- **Task to complete**:
The entries below contain a line with "#938=VERTEX_POINT('',#3264);" and a line with "#948=VERTEX_POINT('',#3288);". Quote exactly those two lines and all lines between them.
====
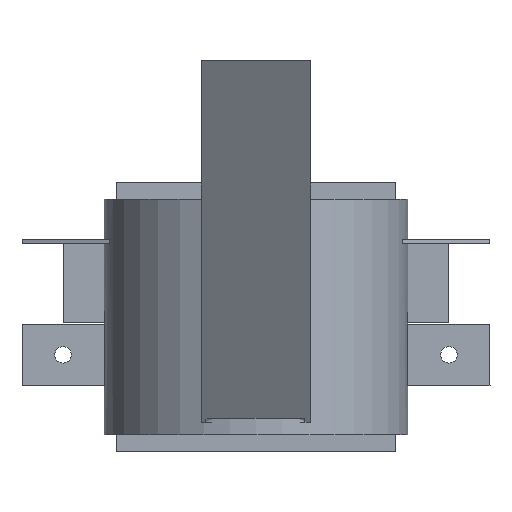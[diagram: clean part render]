
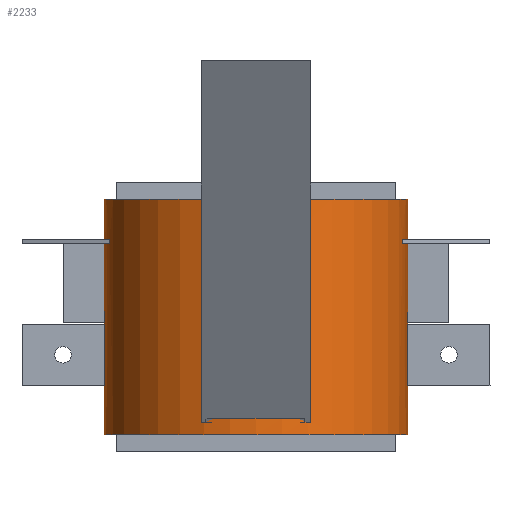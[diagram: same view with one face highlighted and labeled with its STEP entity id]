
A CAD part, front view. The second image highlights one B-rep face of the part: STEP entity #2233.
In plain terms, the highlighted cylindrical face has radius 37 mm (diameter 74 mm), a partial arc.
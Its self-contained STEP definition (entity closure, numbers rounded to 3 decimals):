
#30=FACE_BOUND('',#265,.T.);
#31=FACE_BOUND('',#266,.T.);
#32=FACE_BOUND('',#267,.T.);
#45=CYLINDRICAL_SURFACE('',#2384,37.);
#66=CIRCLE('',#2365,37.);
#68=CIRCLE('',#2369,37.);
#74=CIRCLE('',#2381,37.);
#75=CIRCLE('',#2383,37.);
#76=CIRCLE('',#2385,37.);
#77=CIRCLE('',#2386,37.);
#78=CIRCLE('',#2387,37.);
#79=CIRCLE('',#2388,37.);
#80=CIRCLE('',#2389,37.);
#81=CIRCLE('',#2390,37.);
#82=CIRCLE('',#2391,37.);
#83=CIRCLE('',#2392,37.);
#138=FACE_OUTER_BOUND('',#264,.T.);
#264=EDGE_LOOP('',(#1509,#1510,#1511,#1512,#1513,#1514,#1515,#1516,#1517,
#1518,#1519,#1520,#1521,#1522,#1523));
#265=EDGE_LOOP('',(#1524,#1525,#1526,#1527));
#266=EDGE_LOOP('',(#1528,#1529,#1530,#1531));
#267=EDGE_LOOP('',(#1532,#1533,#1534,#1535));
#390=LINE('',#3209,#654);
#395=LINE('',#3223,#659);
#401=LINE('',#3247,#665);
#412=LINE('',#3273,#676);
#413=LINE('',#3275,#677);
#414=LINE('',#3277,#678);
#415=LINE('',#3281,#679);
#416=LINE('',#3285,#680);
#417=LINE('',#3289,#681);
#418=LINE('',#3293,#682);
#419=LINE('',#3294,#683);
#420=LINE('',#3297,#684);
#421=LINE('',#3301,#685);
#422=LINE('',#3305,#686);
#423=LINE('',#3309,#687);
#654=VECTOR('',#2560,10.);
#659=VECTOR('',#2573,10.);
#665=VECTOR('',#2599,10.);
#676=VECTOR('',#2624,10.);
#677=VECTOR('',#2625,10.);
#678=VECTOR('',#2626,10.);
#679=VECTOR('',#2629,10.);
#680=VECTOR('',#2632,10.);
#681=VECTOR('',#2635,10.);
#682=VECTOR('',#2638,10.);
#683=VECTOR('',#2639,10.);
#684=VECTOR('',#2640,10.);
#685=VECTOR('',#2643,10.);
#686=VECTOR('',#2646,10.);
#687=VECTOR('',#2649,10.);
#918=VERTEX_POINT('',#3207);
#919=VERTEX_POINT('',#3208);
#922=VERTEX_POINT('',#3216);
#924=VERTEX_POINT('',#3222);
#931=VERTEX_POINT('',#3244);
#932=VERTEX_POINT('',#3246);
#938=VERTEX_POINT('',#3264);
#939=VERTEX_POINT('',#3268);
#940=VERTEX_POINT('',#3272);
#941=VERTEX_POINT('',#3274);
#942=VERTEX_POINT('',#3276);
#943=VERTEX_POINT('',#3278);
#944=VERTEX_POINT('',#3280);
#945=VERTEX_POINT('',#3282);
#946=VERTEX_POINT('',#3284);
#947=VERTEX_POINT('',#3286);
#948=VERTEX_POINT('',#3288);
#949=VERTEX_POINT('',#3290);
#950=VERTEX_POINT('',#3292);
#951=VERTEX_POINT('',#3295);
#952=VERTEX_POINT('',#3296);
#953=VERTEX_POINT('',#3298);
#954=VERTEX_POINT('',#3300);
#955=VERTEX_POINT('',#3303);
#956=VERTEX_POINT('',#3304);
#957=VERTEX_POINT('',#3306);
#958=VERTEX_POINT('',#3308);
#1131=EDGE_CURVE('',#918,#919,#390,.T.);
#1135=EDGE_CURVE('',#919,#922,#66,.T.);
#1138=EDGE_CURVE('',#922,#924,#395,.T.);
#1141=EDGE_CURVE('',#924,#918,#68,.T.);
#1150=EDGE_CURVE('',#932,#931,#401,.T.);
#1160=EDGE_CURVE('',#938,#932,#74,.T.);
#1162=EDGE_CURVE('',#931,#939,#75,.T.);
#1163=EDGE_CURVE('',#940,#939,#412,.T.);
#1164=EDGE_CURVE('',#941,#940,#413,.T.);
#1165=EDGE_CURVE('',#942,#941,#414,.T.);
#1166=EDGE_CURVE('',#942,#943,#76,.T.);
#1167=EDGE_CURVE('',#943,#944,#415,.T.);
#1168=EDGE_CURVE('',#944,#945,#77,.T.);
#1169=EDGE_CURVE('',#945,#946,#416,.T.);
#1170=EDGE_CURVE('',#946,#947,#78,.T.);
#1171=EDGE_CURVE('',#947,#948,#417,.T.);
#1172=EDGE_CURVE('',#949,#948,#79,.T.);
#1173=EDGE_CURVE('',#950,#949,#418,.T.);
#1174=EDGE_CURVE('',#938,#950,#419,.T.);
#1175=EDGE_CURVE('',#951,#952,#420,.T.);
#1176=EDGE_CURVE('',#952,#953,#80,.T.);
#1177=EDGE_CURVE('',#953,#954,#421,.T.);
#1178=EDGE_CURVE('',#954,#951,#81,.T.);
#1179=EDGE_CURVE('',#955,#956,#422,.T.);
#1180=EDGE_CURVE('',#956,#957,#82,.T.);
#1181=EDGE_CURVE('',#957,#958,#423,.T.);
#1182=EDGE_CURVE('',#958,#955,#83,.T.);
#1509=ORIENTED_EDGE('',*,*,#1160,.T.);
#1510=ORIENTED_EDGE('',*,*,#1150,.T.);
#1511=ORIENTED_EDGE('',*,*,#1162,.T.);
#1512=ORIENTED_EDGE('',*,*,#1163,.F.);
#1513=ORIENTED_EDGE('',*,*,#1164,.F.);
#1514=ORIENTED_EDGE('',*,*,#1165,.F.);
#1515=ORIENTED_EDGE('',*,*,#1166,.T.);
#1516=ORIENTED_EDGE('',*,*,#1167,.T.);
#1517=ORIENTED_EDGE('',*,*,#1168,.T.);
#1518=ORIENTED_EDGE('',*,*,#1169,.T.);
#1519=ORIENTED_EDGE('',*,*,#1170,.T.);
#1520=ORIENTED_EDGE('',*,*,#1171,.T.);
#1521=ORIENTED_EDGE('',*,*,#1172,.F.);
#1522=ORIENTED_EDGE('',*,*,#1173,.F.);
#1523=ORIENTED_EDGE('',*,*,#1174,.F.);
#1524=ORIENTED_EDGE('',*,*,#1138,.T.);
#1525=ORIENTED_EDGE('',*,*,#1141,.T.);
#1526=ORIENTED_EDGE('',*,*,#1131,.T.);
#1527=ORIENTED_EDGE('',*,*,#1135,.T.);
#1528=ORIENTED_EDGE('',*,*,#1175,.T.);
#1529=ORIENTED_EDGE('',*,*,#1176,.T.);
#1530=ORIENTED_EDGE('',*,*,#1177,.T.);
#1531=ORIENTED_EDGE('',*,*,#1178,.T.);
#1532=ORIENTED_EDGE('',*,*,#1179,.T.);
#1533=ORIENTED_EDGE('',*,*,#1180,.T.);
#1534=ORIENTED_EDGE('',*,*,#1181,.T.);
#1535=ORIENTED_EDGE('',*,*,#1182,.T.);
#2233=ADVANCED_FACE('',(#138,#30,#31,#32),#45,.T.);
#2365=AXIS2_PLACEMENT_3D('',#3217,#2566,#2567);
#2369=AXIS2_PLACEMENT_3D('',#3228,#2578,#2579);
#2381=AXIS2_PLACEMENT_3D('',#3266,#2615,#2616);
#2383=AXIS2_PLACEMENT_3D('',#3270,#2620,#2621);
#2384=AXIS2_PLACEMENT_3D('',#3271,#2622,#2623);
#2385=AXIS2_PLACEMENT_3D('',#3279,#2627,#2628);
#2386=AXIS2_PLACEMENT_3D('',#3283,#2630,#2631);
#2387=AXIS2_PLACEMENT_3D('',#3287,#2633,#2634);
#2388=AXIS2_PLACEMENT_3D('',#3291,#2636,#2637);
#2389=AXIS2_PLACEMENT_3D('',#3299,#2641,#2642);
#2390=AXIS2_PLACEMENT_3D('',#3302,#2644,#2645);
#2391=AXIS2_PLACEMENT_3D('',#3307,#2647,#2648);
#2392=AXIS2_PLACEMENT_3D('',#3310,#2650,#2651);
#2560=DIRECTION('',(0.,0.,-1.));
#2566=DIRECTION('center_axis',(0.,0.,-1.));
#2567=DIRECTION('ref_axis',(1.,0.,0.));
#2573=DIRECTION('',(0.,0.,1.));
#2578=DIRECTION('center_axis',(0.,0.,1.));
#2579=DIRECTION('ref_axis',(1.,0.,0.));
#2599=DIRECTION('',(0.,0.,-1.));
#2615=DIRECTION('center_axis',(0.,0.,1.));
#2616=DIRECTION('ref_axis',(1.,0.,0.));
#2620=DIRECTION('center_axis',(0.,0.,-1.));
#2621=DIRECTION('ref_axis',(1.,0.,0.));
#2622=DIRECTION('center_axis',(0.,0.,1.));
#2623=DIRECTION('ref_axis',(1.,0.,0.));
#2624=DIRECTION('',(0.,0.,1.));
#2625=DIRECTION('',(0.,0.,1.));
#2626=DIRECTION('',(0.,0.,1.));
#2627=DIRECTION('center_axis',(0.,0.,1.));
#2628=DIRECTION('ref_axis',(1.,0.,0.));
#2629=DIRECTION('',(0.,0.,1.));
#2630=DIRECTION('center_axis',(0.,0.,-1.));
#2631=DIRECTION('ref_axis',(1.,0.,0.));
#2632=DIRECTION('',(0.,0.,1.));
#2633=DIRECTION('center_axis',(0.,0.,1.));
#2634=DIRECTION('ref_axis',(1.,0.,0.));
#2635=DIRECTION('',(0.,0.,1.));
#2636=DIRECTION('center_axis',(0.,0.,1.));
#2637=DIRECTION('ref_axis',(1.,0.,0.));
#2638=DIRECTION('',(0.,0.,1.));
#2639=DIRECTION('',(0.,0.,1.));
#2640=DIRECTION('',(0.,0.,1.));
#2641=DIRECTION('center_axis',(0.,0.,1.));
#2642=DIRECTION('ref_axis',(1.,0.,0.));
#2643=DIRECTION('',(0.,0.,-1.));
#2644=DIRECTION('center_axis',(0.,0.,-1.));
#2645=DIRECTION('ref_axis',(1.,0.,0.));
#2646=DIRECTION('',(0.,0.,-1.));
#2647=DIRECTION('center_axis',(0.,0.,-1.));
#2648=DIRECTION('ref_axis',(1.,0.,0.));
#2649=DIRECTION('',(0.,0.,1.));
#2650=DIRECTION('center_axis',(0.,0.,1.));
#2651=DIRECTION('ref_axis',(1.,0.,0.));
#3207=CARTESIAN_POINT('',(12.5,-34.825,53.4));
#3208=CARTESIAN_POINT('',(12.5,-34.825,5.4));
#3209=CARTESIAN_POINT('',(12.5,-34.825,0.));
#3216=CARTESIAN_POINT('',(-12.5,-34.825,5.4));
#3217=CARTESIAN_POINT('Origin',(0.,0.,5.4));
#3222=CARTESIAN_POINT('',(-12.5,-34.825,53.4));
#3223=CARTESIAN_POINT('',(-12.5,-34.825,0.));
#3228=CARTESIAN_POINT('Origin',(0.,0.,53.4));
#3244=CARTESIAN_POINT('',(-36.947,-1.983,30.4));
#3246=CARTESIAN_POINT('',(-36.947,-1.983,45.4));
#3247=CARTESIAN_POINT('',(-36.947,-1.983,0.));
#3264=CARTESIAN_POINT('',(-37.,-0.01,45.4));
#3266=CARTESIAN_POINT('Origin',(0.,0.,45.4));
#3268=CARTESIAN_POINT('',(-37.,-0.01,30.4));
#3270=CARTESIAN_POINT('Origin',(0.,0.,30.4));
#3271=CARTESIAN_POINT('Origin',(0.,0.,0.));
#3272=CARTESIAN_POINT('',(-37.,-0.01,3.4));
#3273=CARTESIAN_POINT('',(-37.,-0.01,3.4));
#3274=CARTESIAN_POINT('',(-37.,-0.01,1.));
#3275=CARTESIAN_POINT('',(-37.,-0.01,1.));
#3276=CARTESIAN_POINT('',(-37.,-0.01,0.));
#3277=CARTESIAN_POINT('',(-37.,-0.01,0.));
#3278=CARTESIAN_POINT('',(37.,0.,0.));
#3279=CARTESIAN_POINT('Origin',(0.,0.,0.));
#3280=CARTESIAN_POINT('',(37.,0.,30.4));
#3281=CARTESIAN_POINT('',(37.,0.,0.));
#3282=CARTESIAN_POINT('',(36.946,-2.,30.4));
#3283=CARTESIAN_POINT('Origin',(0.,0.,30.4));
#3284=CARTESIAN_POINT('',(36.946,-2.,45.4));
#3285=CARTESIAN_POINT('',(36.946,-2.,0.));
#3286=CARTESIAN_POINT('',(37.,0.,45.4));
#3287=CARTESIAN_POINT('Origin',(0.,0.,45.4));
#3288=CARTESIAN_POINT('',(37.,0.,57.4));
#3289=CARTESIAN_POINT('',(37.,0.,0.));
#3290=CARTESIAN_POINT('',(-37.,-0.01,57.4));
#3291=CARTESIAN_POINT('Origin',(0.,0.,57.4));
#3292=CARTESIAN_POINT('',(-37.,-0.01,55.4));
#3293=CARTESIAN_POINT('',(-37.,-0.01,55.4));
#3294=CARTESIAN_POINT('',(-37.,-0.01,3.4));
#3295=CARTESIAN_POINT('',(-36.947,-1.983,9.8));
#3296=CARTESIAN_POINT('',(-36.947,-1.983,10.8));
#3297=CARTESIAN_POINT('',(-36.947,-1.983,0.));
#3298=CARTESIAN_POINT('',(-35.696,-9.737,10.8));
#3299=CARTESIAN_POINT('Origin',(0.,0.,10.8));
#3300=CARTESIAN_POINT('',(-35.696,-9.737,9.8));
#3301=CARTESIAN_POINT('',(-35.696,-9.737,0.));
#3302=CARTESIAN_POINT('Origin',(0.,0.,9.8));
#3303=CARTESIAN_POINT('',(36.946,-2.,10.8));
#3304=CARTESIAN_POINT('',(36.946,-2.,9.8));
#3305=CARTESIAN_POINT('',(36.946,-2.,0.));
#3306=CARTESIAN_POINT('',(35.691,-9.756,9.8));
#3307=CARTESIAN_POINT('Origin',(0.,0.,9.8));
#3308=CARTESIAN_POINT('',(35.691,-9.756,10.8));
#3309=CARTESIAN_POINT('',(35.691,-9.756,0.));
#3310=CARTESIAN_POINT('Origin',(0.,0.,10.8));
====
- **Task response**:
#938=VERTEX_POINT('',#3264);
#939=VERTEX_POINT('',#3268);
#940=VERTEX_POINT('',#3272);
#941=VERTEX_POINT('',#3274);
#942=VERTEX_POINT('',#3276);
#943=VERTEX_POINT('',#3278);
#944=VERTEX_POINT('',#3280);
#945=VERTEX_POINT('',#3282);
#946=VERTEX_POINT('',#3284);
#947=VERTEX_POINT('',#3286);
#948=VERTEX_POINT('',#3288);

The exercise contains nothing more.